The “big” little magazines were unimpressed with my work and I began to rack up my rejections. (An aside: For the most part, they remain unimpressed.) But to my surprise and excitement, some of the smaller venues began to accept and publish my poems. In a sense, these little successes were a setback—after all, my goal was a hundred rejections. But I could live with it. And I started to keep track of my acceptances and publications.
Some months into this project I had a problem. The end of the month was coming up and I still hadn’t sent anything out. And I didn’t know where to send. I had poems out to most the places I thought I had a chance. Or at least a chance of a fair read before the “Thank you for showing us this work. Unfortunately…” note went into the return envelope and mail.
For some reason, Pearl came to mind.

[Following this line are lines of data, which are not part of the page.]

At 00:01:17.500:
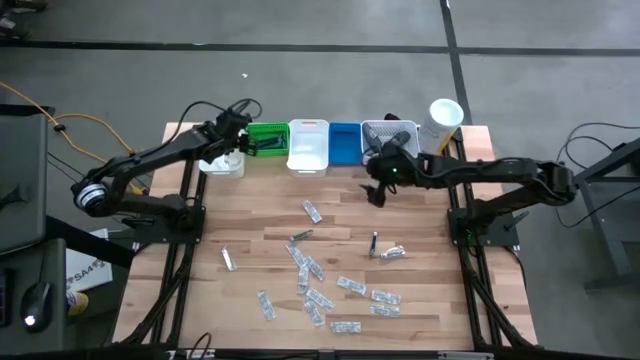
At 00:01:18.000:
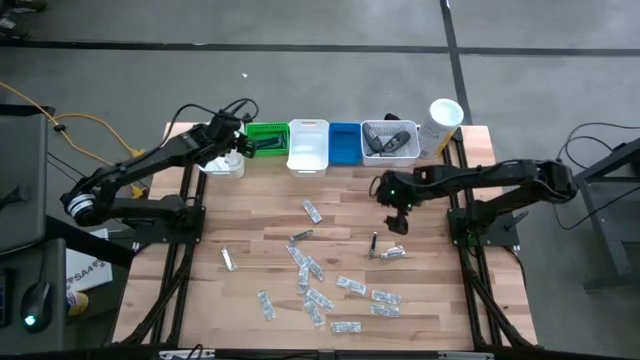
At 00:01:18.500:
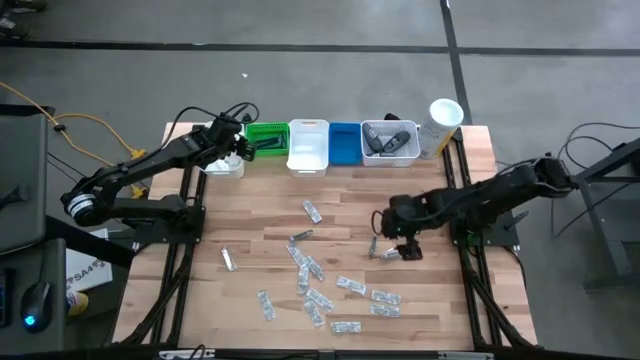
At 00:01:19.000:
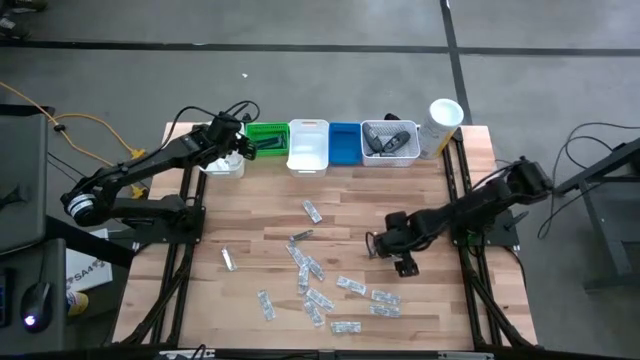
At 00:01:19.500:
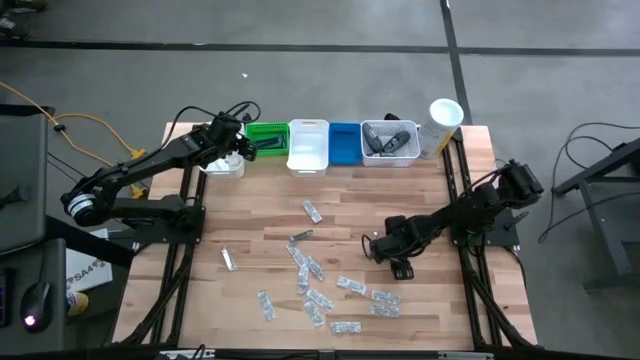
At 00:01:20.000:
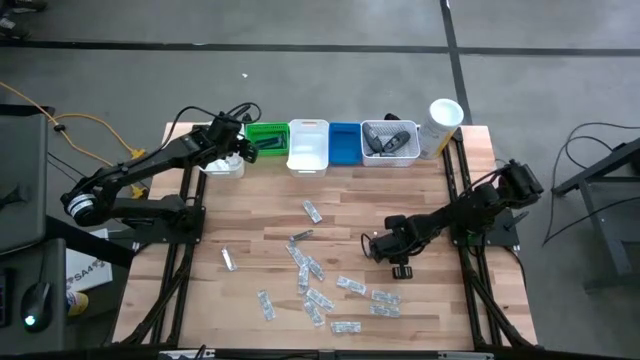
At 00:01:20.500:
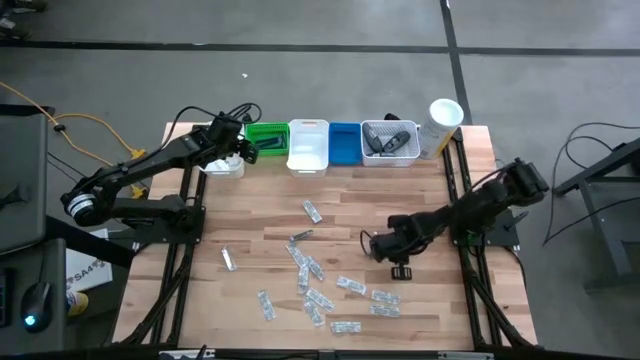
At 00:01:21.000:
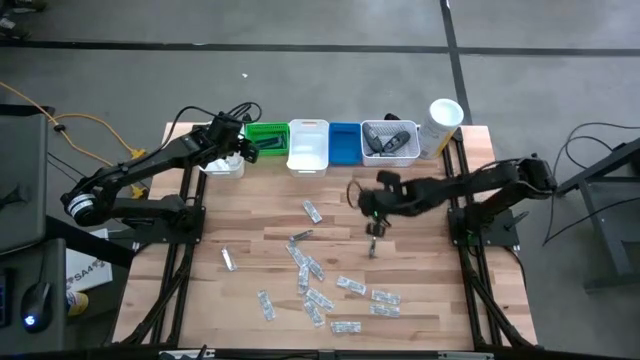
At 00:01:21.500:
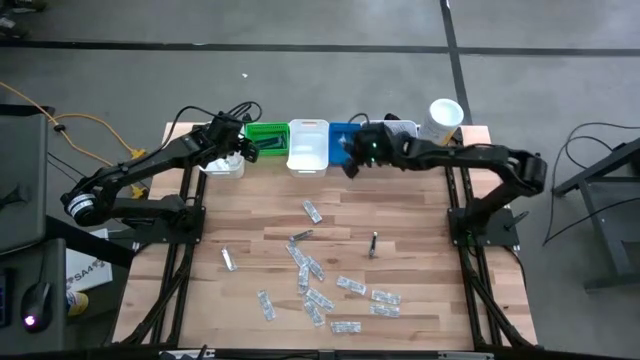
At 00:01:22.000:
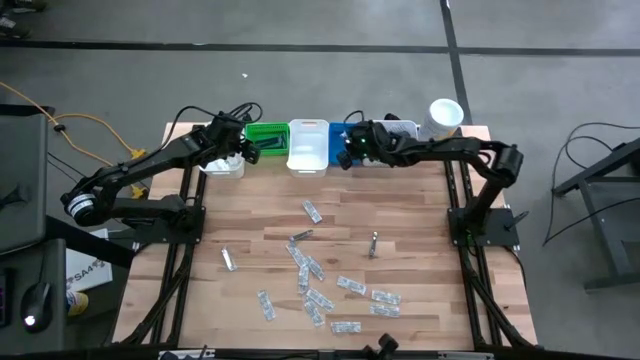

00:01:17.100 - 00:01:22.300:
Put the silver nail cutter into the blue bin

I knew the magazine, had read it, and had an outsider’s surly attitude about it. It was the local version of The Establishment.

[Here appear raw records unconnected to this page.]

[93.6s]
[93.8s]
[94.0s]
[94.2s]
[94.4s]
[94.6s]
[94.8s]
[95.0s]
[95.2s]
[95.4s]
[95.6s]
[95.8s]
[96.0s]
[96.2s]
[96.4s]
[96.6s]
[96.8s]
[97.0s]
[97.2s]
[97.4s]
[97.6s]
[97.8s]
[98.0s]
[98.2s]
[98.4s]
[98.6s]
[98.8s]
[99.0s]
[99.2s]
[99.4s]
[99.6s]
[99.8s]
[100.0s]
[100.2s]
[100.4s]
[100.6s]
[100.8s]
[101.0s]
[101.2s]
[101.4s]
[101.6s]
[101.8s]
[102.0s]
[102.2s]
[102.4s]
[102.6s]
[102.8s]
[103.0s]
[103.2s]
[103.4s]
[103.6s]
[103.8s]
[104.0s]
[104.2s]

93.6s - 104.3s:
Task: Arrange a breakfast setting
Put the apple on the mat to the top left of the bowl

Pearl started in Long Beach in the 1970s, went dark, and was revived in 1987. It had become the local powerhouse, publishing Charles Bukowski, who also contributed drawings, Billy Collins, Dorianne Laux, Frank X. Gaspar, Denise Duhamel, Gerald Locklin (one of the funniest writers alive), and any number of “real” writers and poets. It was Big League. I wasn’t. And they seemed to publish a lot of their buddies. I wasn’t one of those, either. So it appeared that this was a perfect place to to go for my next rejection. But I didn’t want to. I was afraid.
Now, I hadn’t been afraid to be rejected by the majors far away. I mean, so what if they don’t like me in Philadelphia? I don’t know anybody in Philadelphia. But this was different. This was local. I probably wasn’t going to meet anyone from the Swanee Review in the supermarket. But I had a fear of being known as a loser in my own neighborhood. I didn’t want to put myself at risk.
But my twisted ambition, the desire for one hundred rejections, got the better of me. I made up a packet of poems. Knowing Pearl wasn’t going to like anything I sent, and since it was a free-verse magazine, I included a formal poem. I knew they wouldn’t like this quiet little love meditation since their content tended towards social commentary and they favored an in-your-face style. Rejection was guaranteed.
So I was stunned a few weeks later when I got a little note saying how much the editors liked “From A Doorway at Angel’s Gate,” my little formal love poem, and could they use it in an upcoming issue of Pearl, please? Recovering quickly, I wrote back, Yes they could and that I’d be very happy to see my poem in Pearl.
And I was. And I continue to be. Over the years they’ve published seven of my poems. I send them a packet of poems every two years or so and they usually accept one. Although I have since met the editors, I’m not one of their buddies or part of the “in-crowd.” I am simply someone who writes poems they tend to like.
One of the odd things about submitting, even to a magazine which has used my work before, is I never know what editors are going to like. I hate to admit this, but I’ve even been so presumptuous in cover letters to suggest which poems might be especially good in their magazine. Never has an editor agreed with me. I’ve grown up and quit doing this. These days I simply offer my goods. The editors choose or choose to pass.
I reached my goal of a hundred rejections long ago. Now the goal is a hundred publications and I’m almost there. But Monday is the end of the month and I haven’t made a submission yet. It’s time to get busy and get a packet together.